[Start of Attachment]

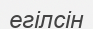
егілсін
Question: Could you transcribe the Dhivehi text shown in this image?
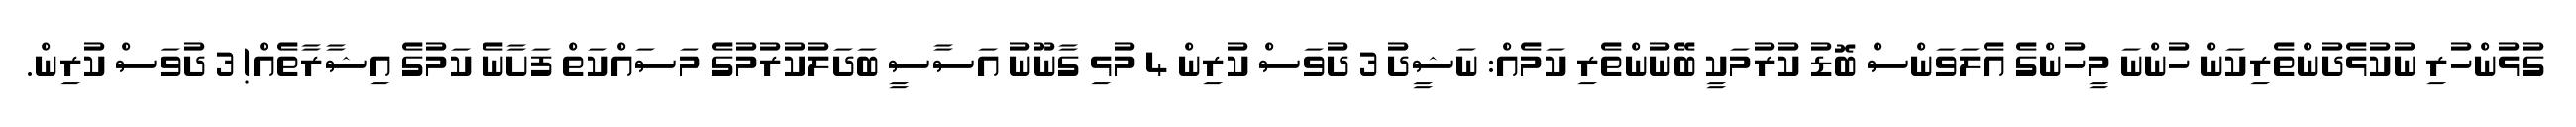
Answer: ގުޅުންހުރި ނުކުޅެދުންތެރިކަން ހުންނަ މީހުންގެ އެލަވަންސް ބޮޑު ކުރުމަކީ ބޭނުންތެރި ކަމެއް: ނަޝީދު 3 ދުވަސް ކުރިން 4 މުޅި ގާނޫނު އަސާސީ ބަދަލުކުރުމުގެ މަސައްކަތް ފަށާނެ ކަމުގެ އިޝާރާތެއް! 3 ދުވަސް ކުރިން.
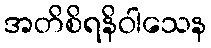
အတိစိရနိဝါသေန
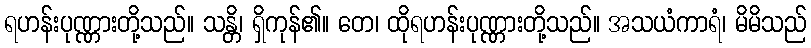
ရဟန်းပုဏ္ဏားတို့သည်။ သန္တိ၊ ရှိကုန်၏။ တေ၊ ထိုရဟန်းပုဏ္ဏားတို့သည်။ အသယံကာရံ၊ မိမိသည်
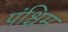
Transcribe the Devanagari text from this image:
पंश्चिम
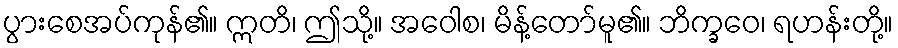
ပွားစေအပ်ကုန်၏။ ဣတိ၊ ဤသို့။ အဝေါစ၊ မိန့်တော်မူ၏။ ဘိက္ခဝေ၊ ရဟန်းတို့။
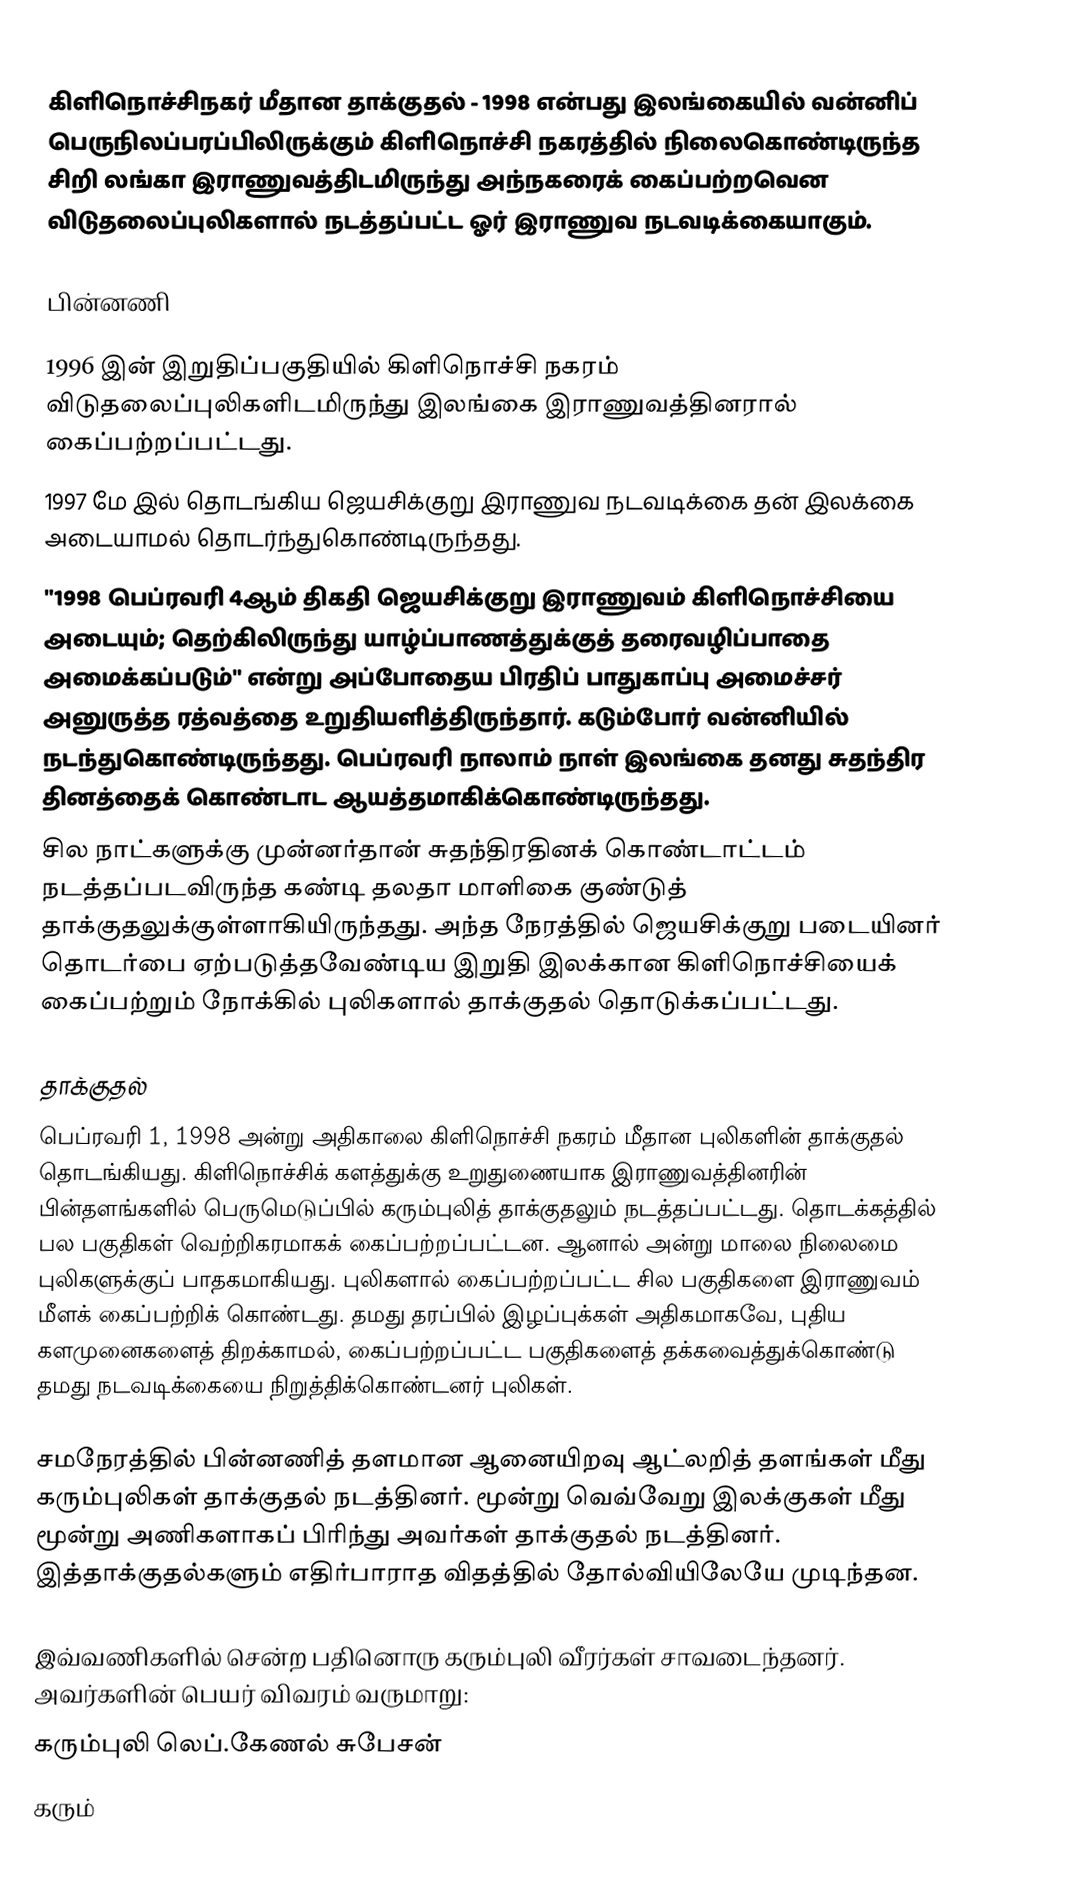
கிளிநொச்சிநகர் மீதான தாக்குதல் - 1998 என்பது இலங்கையில் வன்னிப் பெருநிலப்பரப்பிலிருக்கும் கிளிநொச்சி நகரத்தில் நிலைகொண்டிருந்த சிறி லங்கா இராணுவத்திடமிருந்து அந்நகரைக் கைப்பற்றவென விடுதலைப்புலிகளால் நடத்தப்பட்ட ஓர் இராணுவ நடவடிக்கையாகும்.

பின்னணி

 1996 இன் இறுதிப்பகுதியில் கிளிநொச்சி நகரம் விடுதலைப்புலிகளிடமிருந்து இலங்கை இராணுவத்தினரால் கைப்பற்றப்பட்டது.
 1997 மே இல் தொடங்கிய ஜெயசிக்குறு இராணுவ நடவடிக்கை தன் இலக்கை அடையாமல் தொடர்ந்துகொண்டிருந்தது.
 "1998 பெப்ரவரி 4ஆம் திகதி ஜெயசிக்குறு இராணுவம் கிளிநொச்சியை அடையும்; தெற்கிலிருந்து யாழ்ப்பாணத்துக்குத் தரைவழிப்பாதை அமைக்கப்படும்" என்று அப்போதைய பிரதிப் பாதுகாப்பு அமைச்சர் அனுருத்த ரத்வத்தை உறுதியளித்திருந்தார். கடும்போர் வன்னியில் நடந்துகொண்டிருந்தது. பெப்ரவரி நாலாம் நாள் இலங்கை தனது சுதந்திர தினத்தைக் கொண்டாட ஆயத்தமாகிக்கொண்டிருந்தது.
 சில நாட்களுக்கு முன்னர்தான் சுதந்திரதினக் கொண்டாட்டம் நடத்தப்படவிருந்த கண்டி தலதா மாளிகை குண்டுத் தாக்குதலுக்குள்ளாகியிருந்தது. அந்த நேரத்தில் ஜெயசிக்குறு படையினர் தொடர்பை ஏற்படுத்தவேண்டிய இறுதி இலக்கான கிளிநொச்சியைக் கைப்பற்றும் நோக்கில் புலிகளால் தாக்குதல் தொடுக்கப்பட்டது.

தாக்குதல்
பெப்ரவரி 1, 1998 அன்று அதிகாலை கிளிநொச்சி நகரம் மீதான புலிகளின் தாக்குதல் தொடங்கியது. கிளிநொச்சிக் களத்துக்கு உறுதுணையாக இராணுவத்தினரின் பின்தளங்களில் பெருமெடுப்பில் கரும்புலித் தாக்குதலும் நடத்தப்பட்டது. தொடக்கத்தில் பல பகுதிகள் வெற்றிகரமாகக் கைப்பற்றப்பட்டன. ஆனால் அன்று மாலை நிலைமை புலிகளுக்குப் பாதகமாகியது. புலிகளால் கைப்பற்றப்பட்ட சில பகுதிகளை இராணுவம் மீளக் கைப்பற்றிக் கொண்டது. தமது தரப்பில் இழப்புக்கள் அதிகமாகவே, புதிய களமுனைகளைத் திறக்காமல், கைப்பற்றப்பட்ட பகுதிகளைத் தக்கவைத்துக்கொண்டு தமது நடவடிக்கையை நிறுத்திக்கொண்டனர் புலிகள்.

சமநேரத்தில் பின்னணித் தளமான ஆனையிறவு ஆட்லறித் தளங்கள் மீது கரும்புலிகள் தாக்குதல் நடத்தினர். மூன்று வெவ்வேறு இலக்குகள் மீது மூன்று அணிகளாகப் பிரிந்து அவர்கள் தாக்குதல் நடத்தினர். இத்தாக்குதல்களும் எதிர்பாராத விதத்தில் தோல்வியிலேயே முடிந்தன.

இவ்வணிகளில் சென்ற பதினொரு கரும்புலி வீரர்கள் சாவடைந்தனர். அவர்களின் பெயர் விவரம் வருமாறு:
 கரும்புலி லெப்.கேணல் சுபேசன்
 கரும்

[End of Attachment]

Within the listing above, extract exactly the lines from the line with "1997 மே இல்" to the line with "தினத்தைக் கொண்டாட ஆயத்தமாகிக்கொண்டிருந்தது.", the two named lines included, and no others.

*Finished exercise*.
 1997 மே இல் தொடங்கிய ஜெயசிக்குறு இராணுவ நடவடிக்கை தன் இலக்கை அடையாமல் தொடர்ந்துகொண்டிருந்தது.
 "1998 பெப்ரவரி 4ஆம் திகதி ஜெயசிக்குறு இராணுவம் கிளிநொச்சியை அடையும்; தெற்கிலிருந்து யாழ்ப்பாணத்துக்குத் தரைவழிப்பாதை அமைக்கப்படும்" என்று அப்போதைய பிரதிப் பாதுகாப்பு அமைச்சர் அனுருத்த ரத்வத்தை உறுதியளித்திருந்தார். கடும்போர் வன்னியில் நடந்துகொண்டிருந்தது. பெப்ரவரி நாலாம் நாள் இலங்கை தனது சுதந்திர தினத்தைக் கொண்டாட ஆயத்தமாகிக்கொண்டிருந்தது.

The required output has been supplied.